Rossum drives high rates of straight-through processing using features like auto-classification, exception handling, analytical dashboards, and reporting. It can scale to process millions of records annually.
The platform continuously improves through ongoing training on real customer data and user feedback. It delivers configurable automation that integrates both human and AI abilities seamlessly.
Enterprises across industries have deployed Rossum to transform core transactional operations, achieving up to 10X increase in processing efficiencies.
Benefits of AI Document Processing
AI document processing automates away labor-intensive paperwork, bringing transformative impacts to businesses:
1. Increased Efficiency
Automating repetitive manual document tasks through AI yields drastic time savings. Reductions in document processing efforts as workloads shift to AI continuously. Freed capacity propels new strategic initiatives.
2. Lower Operational Costs
By offloading document processing workstreams to AI, organizations cut overhead spending on temporary/outsourced resources for data entry.
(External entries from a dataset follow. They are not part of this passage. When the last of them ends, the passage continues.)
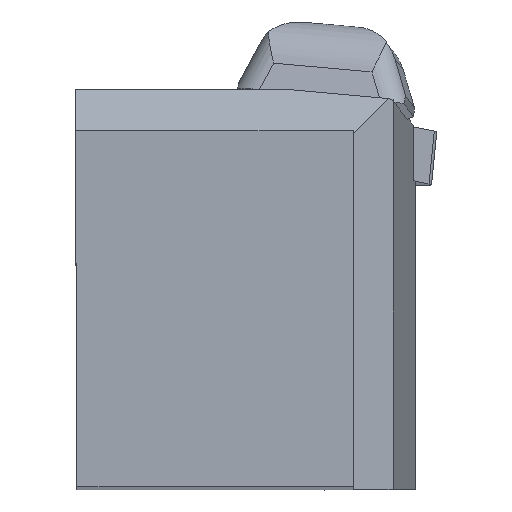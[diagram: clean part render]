
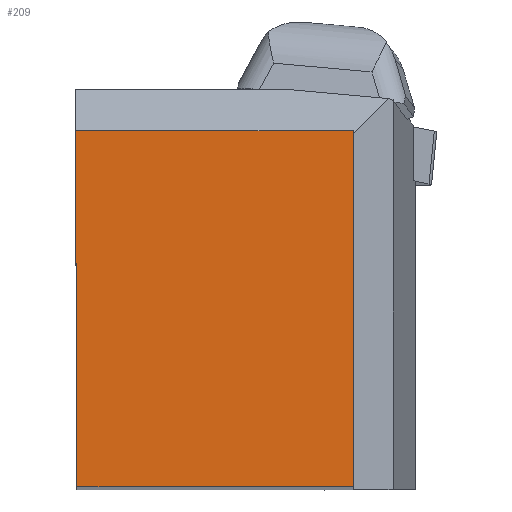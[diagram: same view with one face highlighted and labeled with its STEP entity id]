
A CAD part, top view. The second image highlights one B-rep face of the part: STEP entity #209.
In plain terms, the highlighted planar face has unit normal (0, 0, 1).
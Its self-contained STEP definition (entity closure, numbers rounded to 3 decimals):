
#145=FACE_OUTER_BOUND('',#599,.T.);
#209=ADVANCED_FACE('BLANK_BOXF006',(#145),#267,.F.);
#267=PLANE('',#1423);
#358=LINE('',#2067,#490);
#359=LINE('',#2070,#491);
#360=LINE('',#2072,#492);
#361=LINE('',#2074,#493);
#490=VECTOR('',#1638,1.);
#491=VECTOR('',#1639,1.);
#492=VECTOR('',#1640,1.);
#493=VECTOR('',#1641,1.);
#599=EDGE_LOOP('',(#759,#760,#761,#762));
#759=ORIENTED_EDGE('',*,*,#1190,.T.);
#760=ORIENTED_EDGE('',*,*,#1191,.T.);
#761=ORIENTED_EDGE('',*,*,#1192,.T.);
#762=ORIENTED_EDGE('',*,*,#1193,.T.);
#1057=VERTEX_POINT('',#2068);
#1058=VERTEX_POINT('',#2069);
#1059=VERTEX_POINT('',#2071);
#1060=VERTEX_POINT('',#2073);
#1190=EDGE_CURVE('',#1057,#1058,#358,.T.);
#1191=EDGE_CURVE('',#1058,#1059,#359,.T.);
#1192=EDGE_CURVE('',#1059,#1060,#360,.T.);
#1193=EDGE_CURVE('',#1060,#1057,#361,.T.);
#1423=AXIS2_PLACEMENT_3D('',#2075,#1642,#1643);
#1638=DIRECTION('',(0.,1.,0.));
#1639=DIRECTION('',(-1.,0.,0.));
#1640=DIRECTION('',(0.004,-1.,0.));
#1641=DIRECTION('',(1.,0.,0.));
#1642=DIRECTION('',(0.,0.,-1.));
#1643=DIRECTION('',(1.,0.,0.));
#2067=CARTESIAN_POINT('',(24.875,-183.35,0.));
#2068=CARTESIAN_POINT('',(24.875,0.,0.));
#2069=CARTESIAN_POINT('',(24.875,31.85,0.));
#2070=CARTESIAN_POINT('',(183.35,31.85,0.));
#2071=CARTESIAN_POINT('',(0.,31.85,0.));
#2072=CARTESIAN_POINT('',(-0.661,183.348,0.));
#2073=CARTESIAN_POINT('',(0.139,0.,0.));
#2074=CARTESIAN_POINT('',(-183.35,0.,0.));
#2075=CARTESIAN_POINT('',(44.35,-5.,0.));

Payback arrives within 6 months typically.
3. Enhanced Accuracy
AI systems matched extraction accuracy of 95-99% far outstrips error-prone human rates 5-10%, avoiding costly consequences and rework from mistakes.
4. Scalability
AI easily expands capabilities to absorb exponentially growing volumes without adding staff, making automation highly suitable for industries processing millions of records annually.
5. Actionable Insights
AI extracts deep insights from documents formerly requiring manual review or remaining unexplored due to resource constraints.
6. Regulatory Compliance
Consistent, automated processes implemented through AI reduce risks of non-compliance associated with manual mistakes or delays in regulated areas like healthcare and finance.
7. Enhanced Customer Services
Streamlined document processing via AI improves turnaround times, decreases errors, and optimizes experiences for customers, vendors, and other external partners.
Conclusion
AI document processing has revolutionized how organizations tackle increasing document volumes and related costs that were long deemed inevitable expenses. Through automation powered by self-learning systems, leading entities across industries are achieving up to 10X gains in productivity while mitigating risks.
As the market matures, AI is poised to transform previously labor-intensive back-office operations concentrated on documents into high-value, insights-driven functions. While challenges around model governance, explainability, and oversight persist – AI is reengineering business processes at a tremendous pace optimized for intelligent automation.